Items from a dataset.
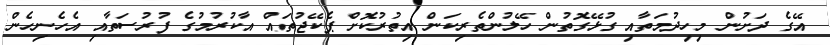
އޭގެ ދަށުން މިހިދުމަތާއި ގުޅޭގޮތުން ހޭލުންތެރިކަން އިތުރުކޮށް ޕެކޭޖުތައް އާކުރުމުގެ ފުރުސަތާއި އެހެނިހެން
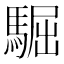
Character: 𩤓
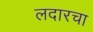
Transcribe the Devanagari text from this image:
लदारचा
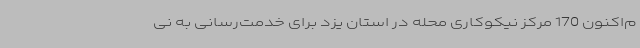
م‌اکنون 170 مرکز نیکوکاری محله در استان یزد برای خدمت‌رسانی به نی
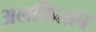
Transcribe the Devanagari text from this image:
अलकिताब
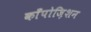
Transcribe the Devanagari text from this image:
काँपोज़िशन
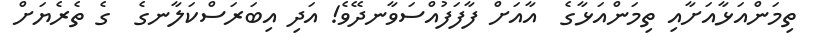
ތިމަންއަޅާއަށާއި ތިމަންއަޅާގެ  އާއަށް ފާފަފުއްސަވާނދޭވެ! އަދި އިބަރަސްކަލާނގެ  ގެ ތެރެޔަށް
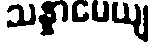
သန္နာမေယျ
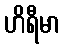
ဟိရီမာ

Exercise directions.
Starting at the line with "Character: 𩤓", reproduce exactly each line through the end of the entries, including the first and the last, and skip the pictures.

Your response.
Character: 𩤓
Transcribe the Devanagari text from this image:
लदारचा
م‌اکنون 170 مرکز نیکوکاری محله در استان یزد برای خدمت‌رسانی به نی
Transcribe the Devanagari text from this image:
अलकिताब
Transcribe the Devanagari text from this image:
काँपोज़िशन
ތިމަންއަޅާއަށާއި ތިމަންއަޅާގެ  އާއަށް ފާފަފުއްސަވާނދޭވެ! އަދި އިބަރަސްކަލާނގެ  ގެ ތެރެޔަށް
သန္နာမေယျ
ဟိရီမာ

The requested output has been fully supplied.